[Opening Source data section]
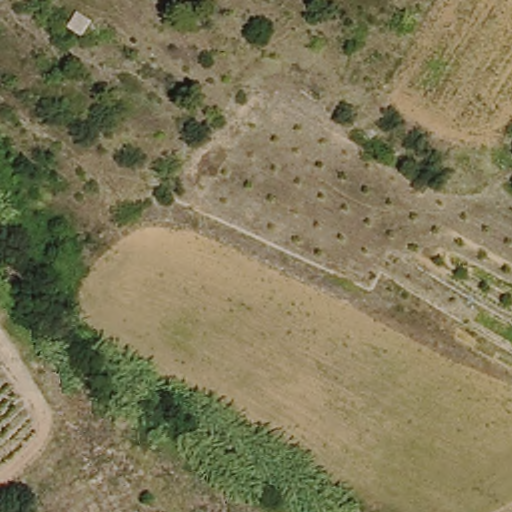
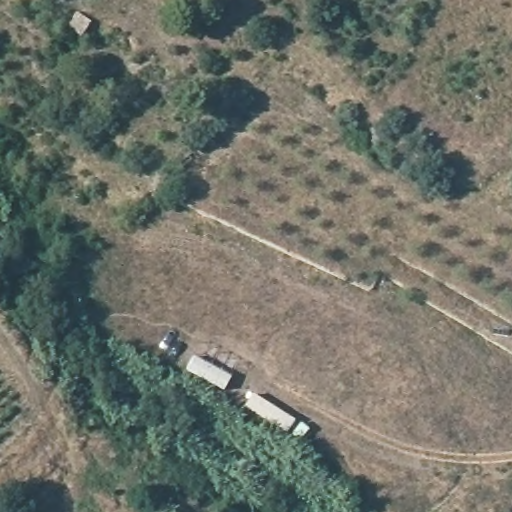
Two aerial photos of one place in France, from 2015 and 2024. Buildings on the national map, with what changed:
unchanged [(92,21),(81,38),(68,29),(79,13),(92,21)]

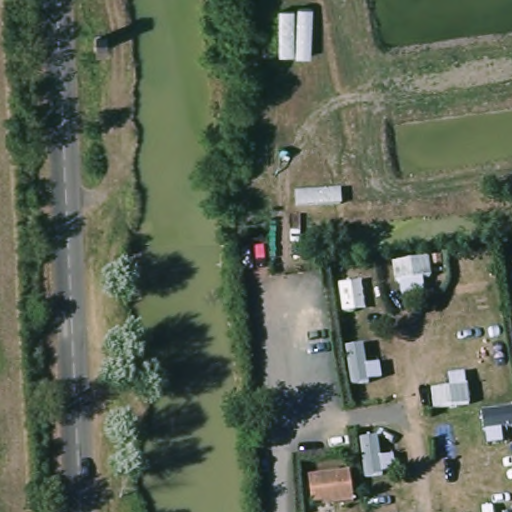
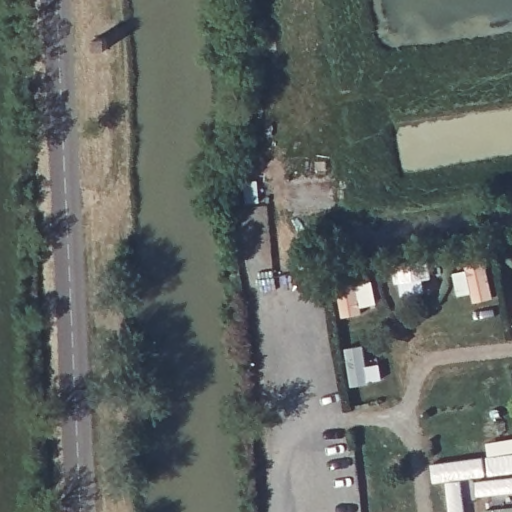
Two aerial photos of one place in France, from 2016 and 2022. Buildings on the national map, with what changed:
unchanged [(349,470),(353,501),(310,508),(307,475),(349,470)]

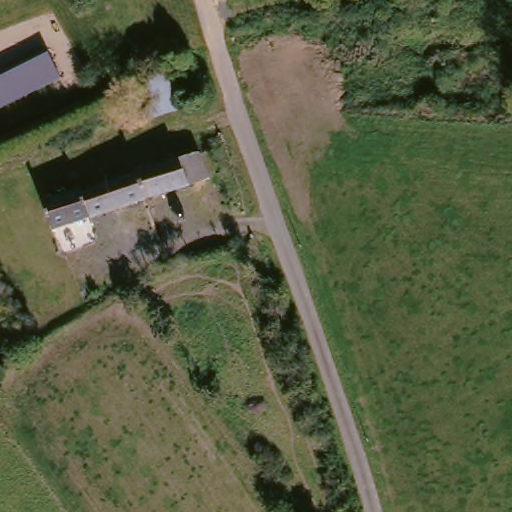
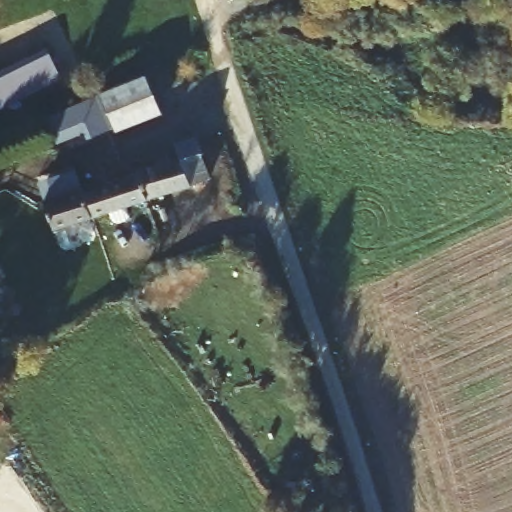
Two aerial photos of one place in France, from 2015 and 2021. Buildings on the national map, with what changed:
[Closing Source data section]
▶ About this task
Reproduce all the material exactly, omitting images.

▶ Response area
Two aerial photos of one place in France, from 2015 and 2024. Buildings on the national map, with what changed:
unchanged [(92,21),(81,38),(68,29),(79,13),(92,21)]

Two aerial photos of one place in France, from 2016 and 2022. Buildings on the national map, with what changed:
unchanged [(349,470),(353,501),(310,508),(307,475),(349,470)]

Two aerial photos of one place in France, from 2015 and 2021. Buildings on the national map, with what changed:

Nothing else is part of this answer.